▸ **Task objective**
In the records below, pick out all lines containing the word "IMPLIED".

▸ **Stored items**
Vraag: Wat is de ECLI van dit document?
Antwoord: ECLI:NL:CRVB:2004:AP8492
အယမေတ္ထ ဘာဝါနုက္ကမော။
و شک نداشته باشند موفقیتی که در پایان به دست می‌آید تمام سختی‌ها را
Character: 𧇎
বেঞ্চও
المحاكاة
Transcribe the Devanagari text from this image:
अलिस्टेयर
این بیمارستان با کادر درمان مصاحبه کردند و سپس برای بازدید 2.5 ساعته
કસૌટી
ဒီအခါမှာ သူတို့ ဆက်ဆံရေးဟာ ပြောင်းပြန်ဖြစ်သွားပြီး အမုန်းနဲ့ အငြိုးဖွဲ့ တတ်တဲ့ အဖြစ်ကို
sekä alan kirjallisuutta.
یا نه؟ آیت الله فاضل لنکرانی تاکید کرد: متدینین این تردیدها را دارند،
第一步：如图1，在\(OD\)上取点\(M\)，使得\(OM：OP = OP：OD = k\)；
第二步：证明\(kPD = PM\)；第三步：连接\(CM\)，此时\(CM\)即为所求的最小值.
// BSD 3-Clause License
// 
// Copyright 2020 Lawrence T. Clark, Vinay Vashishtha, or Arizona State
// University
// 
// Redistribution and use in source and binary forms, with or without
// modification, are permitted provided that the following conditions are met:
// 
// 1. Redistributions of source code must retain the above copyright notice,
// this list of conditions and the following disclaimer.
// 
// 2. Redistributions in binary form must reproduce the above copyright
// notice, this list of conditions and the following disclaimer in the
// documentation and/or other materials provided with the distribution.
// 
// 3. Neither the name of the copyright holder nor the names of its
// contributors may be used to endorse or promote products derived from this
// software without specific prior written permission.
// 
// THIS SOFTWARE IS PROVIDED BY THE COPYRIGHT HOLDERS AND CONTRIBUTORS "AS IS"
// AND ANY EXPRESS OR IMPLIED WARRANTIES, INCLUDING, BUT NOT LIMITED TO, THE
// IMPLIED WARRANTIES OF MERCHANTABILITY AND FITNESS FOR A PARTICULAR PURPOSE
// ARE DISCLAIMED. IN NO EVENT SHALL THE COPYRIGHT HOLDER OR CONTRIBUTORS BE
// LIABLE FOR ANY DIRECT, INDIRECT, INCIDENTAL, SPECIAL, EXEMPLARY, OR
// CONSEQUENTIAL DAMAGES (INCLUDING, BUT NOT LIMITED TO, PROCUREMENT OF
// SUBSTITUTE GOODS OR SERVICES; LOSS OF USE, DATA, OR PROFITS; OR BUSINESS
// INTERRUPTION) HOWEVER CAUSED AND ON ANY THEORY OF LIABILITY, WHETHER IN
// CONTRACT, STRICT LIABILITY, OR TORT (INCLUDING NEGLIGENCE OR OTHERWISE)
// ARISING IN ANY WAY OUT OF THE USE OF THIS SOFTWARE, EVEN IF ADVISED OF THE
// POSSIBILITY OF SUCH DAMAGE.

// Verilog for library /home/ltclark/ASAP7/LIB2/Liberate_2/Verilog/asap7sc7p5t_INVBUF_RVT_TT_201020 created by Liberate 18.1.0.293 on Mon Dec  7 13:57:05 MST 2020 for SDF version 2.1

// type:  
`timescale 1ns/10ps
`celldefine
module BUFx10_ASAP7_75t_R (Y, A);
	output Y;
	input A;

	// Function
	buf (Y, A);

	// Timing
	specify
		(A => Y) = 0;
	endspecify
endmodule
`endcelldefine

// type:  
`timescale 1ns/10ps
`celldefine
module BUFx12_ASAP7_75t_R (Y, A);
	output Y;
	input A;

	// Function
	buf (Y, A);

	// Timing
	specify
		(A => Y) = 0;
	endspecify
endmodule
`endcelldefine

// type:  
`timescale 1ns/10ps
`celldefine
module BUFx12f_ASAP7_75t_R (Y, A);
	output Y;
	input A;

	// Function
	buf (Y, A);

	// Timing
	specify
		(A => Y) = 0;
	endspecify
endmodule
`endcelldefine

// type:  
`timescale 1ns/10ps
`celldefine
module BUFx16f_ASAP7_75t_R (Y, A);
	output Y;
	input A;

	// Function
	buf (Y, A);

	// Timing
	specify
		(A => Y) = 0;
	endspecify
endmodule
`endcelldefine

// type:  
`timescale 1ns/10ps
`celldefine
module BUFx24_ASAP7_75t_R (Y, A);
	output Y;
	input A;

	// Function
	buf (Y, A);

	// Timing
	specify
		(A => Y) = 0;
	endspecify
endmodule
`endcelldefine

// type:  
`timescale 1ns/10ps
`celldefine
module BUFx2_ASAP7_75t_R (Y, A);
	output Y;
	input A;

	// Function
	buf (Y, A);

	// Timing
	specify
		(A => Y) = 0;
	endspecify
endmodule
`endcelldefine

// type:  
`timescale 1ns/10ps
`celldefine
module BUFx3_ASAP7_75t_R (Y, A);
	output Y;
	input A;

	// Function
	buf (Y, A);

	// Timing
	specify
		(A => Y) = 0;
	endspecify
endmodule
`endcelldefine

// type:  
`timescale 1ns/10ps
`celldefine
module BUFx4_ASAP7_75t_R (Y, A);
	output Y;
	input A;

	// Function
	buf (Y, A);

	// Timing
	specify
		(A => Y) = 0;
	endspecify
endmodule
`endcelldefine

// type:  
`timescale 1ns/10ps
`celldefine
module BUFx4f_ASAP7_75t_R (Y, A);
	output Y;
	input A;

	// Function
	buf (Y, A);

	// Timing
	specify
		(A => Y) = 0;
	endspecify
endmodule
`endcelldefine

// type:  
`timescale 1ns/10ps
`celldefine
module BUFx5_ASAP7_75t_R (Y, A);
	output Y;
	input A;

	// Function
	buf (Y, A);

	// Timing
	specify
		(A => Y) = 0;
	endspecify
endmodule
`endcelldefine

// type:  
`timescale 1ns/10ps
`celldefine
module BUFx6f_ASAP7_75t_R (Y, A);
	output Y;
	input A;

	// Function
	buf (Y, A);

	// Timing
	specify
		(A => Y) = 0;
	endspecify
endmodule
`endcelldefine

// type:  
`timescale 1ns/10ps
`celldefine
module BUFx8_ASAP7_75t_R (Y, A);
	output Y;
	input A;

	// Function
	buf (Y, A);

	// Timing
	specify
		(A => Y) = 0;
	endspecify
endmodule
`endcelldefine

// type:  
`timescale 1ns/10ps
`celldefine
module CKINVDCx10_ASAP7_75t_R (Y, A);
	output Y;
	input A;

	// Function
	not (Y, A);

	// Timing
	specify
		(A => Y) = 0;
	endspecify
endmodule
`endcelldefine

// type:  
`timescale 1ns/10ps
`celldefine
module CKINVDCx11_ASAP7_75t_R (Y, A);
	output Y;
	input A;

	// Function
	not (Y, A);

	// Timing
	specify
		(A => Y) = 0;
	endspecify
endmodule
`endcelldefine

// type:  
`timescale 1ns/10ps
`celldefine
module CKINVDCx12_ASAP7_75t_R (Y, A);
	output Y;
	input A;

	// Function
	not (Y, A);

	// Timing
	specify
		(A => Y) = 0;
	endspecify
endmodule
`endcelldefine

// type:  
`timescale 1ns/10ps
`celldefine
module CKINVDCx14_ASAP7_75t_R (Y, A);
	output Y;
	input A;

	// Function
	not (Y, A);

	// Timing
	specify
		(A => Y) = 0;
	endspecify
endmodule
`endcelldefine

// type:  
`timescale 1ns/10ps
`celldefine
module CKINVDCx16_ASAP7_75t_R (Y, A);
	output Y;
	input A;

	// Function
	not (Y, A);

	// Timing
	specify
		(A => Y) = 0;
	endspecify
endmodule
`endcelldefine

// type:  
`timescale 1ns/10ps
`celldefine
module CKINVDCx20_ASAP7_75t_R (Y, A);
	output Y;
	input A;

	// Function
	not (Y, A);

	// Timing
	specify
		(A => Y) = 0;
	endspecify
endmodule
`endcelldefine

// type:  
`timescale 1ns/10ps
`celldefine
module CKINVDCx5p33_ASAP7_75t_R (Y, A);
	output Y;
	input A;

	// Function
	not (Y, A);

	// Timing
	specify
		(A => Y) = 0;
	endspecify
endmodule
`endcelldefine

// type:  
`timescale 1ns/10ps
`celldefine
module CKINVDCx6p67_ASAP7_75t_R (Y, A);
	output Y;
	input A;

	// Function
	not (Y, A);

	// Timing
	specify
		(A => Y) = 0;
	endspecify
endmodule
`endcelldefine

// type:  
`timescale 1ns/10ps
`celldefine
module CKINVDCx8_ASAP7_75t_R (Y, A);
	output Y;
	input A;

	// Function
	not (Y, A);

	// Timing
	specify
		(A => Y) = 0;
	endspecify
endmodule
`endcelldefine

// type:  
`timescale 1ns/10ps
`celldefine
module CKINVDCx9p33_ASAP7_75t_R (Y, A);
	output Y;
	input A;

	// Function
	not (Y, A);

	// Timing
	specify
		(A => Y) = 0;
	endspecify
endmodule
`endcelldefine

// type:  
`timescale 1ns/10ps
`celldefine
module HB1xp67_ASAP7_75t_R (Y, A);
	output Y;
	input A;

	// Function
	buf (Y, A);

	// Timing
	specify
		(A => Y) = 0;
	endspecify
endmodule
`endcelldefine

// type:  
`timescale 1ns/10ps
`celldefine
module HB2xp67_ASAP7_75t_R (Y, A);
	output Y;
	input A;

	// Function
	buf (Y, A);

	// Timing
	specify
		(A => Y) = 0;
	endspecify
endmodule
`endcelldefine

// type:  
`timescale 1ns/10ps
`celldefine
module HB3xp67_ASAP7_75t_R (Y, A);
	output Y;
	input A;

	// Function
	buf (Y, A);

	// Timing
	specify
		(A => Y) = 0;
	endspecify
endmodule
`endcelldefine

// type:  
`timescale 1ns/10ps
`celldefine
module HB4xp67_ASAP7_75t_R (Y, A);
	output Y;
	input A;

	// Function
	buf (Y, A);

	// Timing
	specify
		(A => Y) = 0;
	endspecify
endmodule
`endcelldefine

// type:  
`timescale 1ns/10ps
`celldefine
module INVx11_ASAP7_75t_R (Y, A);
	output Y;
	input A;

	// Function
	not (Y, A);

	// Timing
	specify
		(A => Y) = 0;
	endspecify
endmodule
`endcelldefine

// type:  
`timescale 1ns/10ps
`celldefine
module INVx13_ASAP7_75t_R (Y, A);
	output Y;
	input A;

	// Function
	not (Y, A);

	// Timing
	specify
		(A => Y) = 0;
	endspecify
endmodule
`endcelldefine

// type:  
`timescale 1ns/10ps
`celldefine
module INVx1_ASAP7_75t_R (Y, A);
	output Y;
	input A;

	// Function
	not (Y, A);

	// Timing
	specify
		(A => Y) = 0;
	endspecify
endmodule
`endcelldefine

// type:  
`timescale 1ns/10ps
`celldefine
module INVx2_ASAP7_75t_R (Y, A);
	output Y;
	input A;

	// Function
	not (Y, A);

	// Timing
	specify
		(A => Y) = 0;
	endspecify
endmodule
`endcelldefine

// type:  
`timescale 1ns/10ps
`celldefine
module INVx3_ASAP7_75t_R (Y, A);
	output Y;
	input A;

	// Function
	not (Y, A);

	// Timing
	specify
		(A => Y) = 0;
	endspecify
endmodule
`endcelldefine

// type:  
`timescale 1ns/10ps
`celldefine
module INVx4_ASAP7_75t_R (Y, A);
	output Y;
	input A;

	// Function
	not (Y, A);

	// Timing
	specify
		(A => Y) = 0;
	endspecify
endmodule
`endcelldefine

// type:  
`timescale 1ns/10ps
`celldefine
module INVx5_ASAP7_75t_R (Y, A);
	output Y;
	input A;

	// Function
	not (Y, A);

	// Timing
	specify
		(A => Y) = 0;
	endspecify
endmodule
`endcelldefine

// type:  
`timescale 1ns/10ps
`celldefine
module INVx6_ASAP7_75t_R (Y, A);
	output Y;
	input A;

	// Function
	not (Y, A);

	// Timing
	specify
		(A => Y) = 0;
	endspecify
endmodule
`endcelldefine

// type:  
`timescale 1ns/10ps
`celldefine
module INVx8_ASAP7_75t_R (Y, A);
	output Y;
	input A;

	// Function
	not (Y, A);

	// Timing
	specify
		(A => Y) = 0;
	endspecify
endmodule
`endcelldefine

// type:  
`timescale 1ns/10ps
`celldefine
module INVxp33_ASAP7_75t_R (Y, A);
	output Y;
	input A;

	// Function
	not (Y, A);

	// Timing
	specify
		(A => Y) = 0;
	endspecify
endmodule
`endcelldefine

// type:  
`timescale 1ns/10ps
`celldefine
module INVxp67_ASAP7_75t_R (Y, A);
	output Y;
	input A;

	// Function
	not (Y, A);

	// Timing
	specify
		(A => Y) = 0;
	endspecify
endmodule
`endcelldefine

▸ **Result of the task**
// AND ANY EXPRESS OR IMPLIED WARRANTIES, INCLUDING, BUT NOT LIMITED TO, THE
// IMPLIED WARRANTIES OF MERCHANTABILITY AND FITNESS FOR A PARTICULAR PURPOSE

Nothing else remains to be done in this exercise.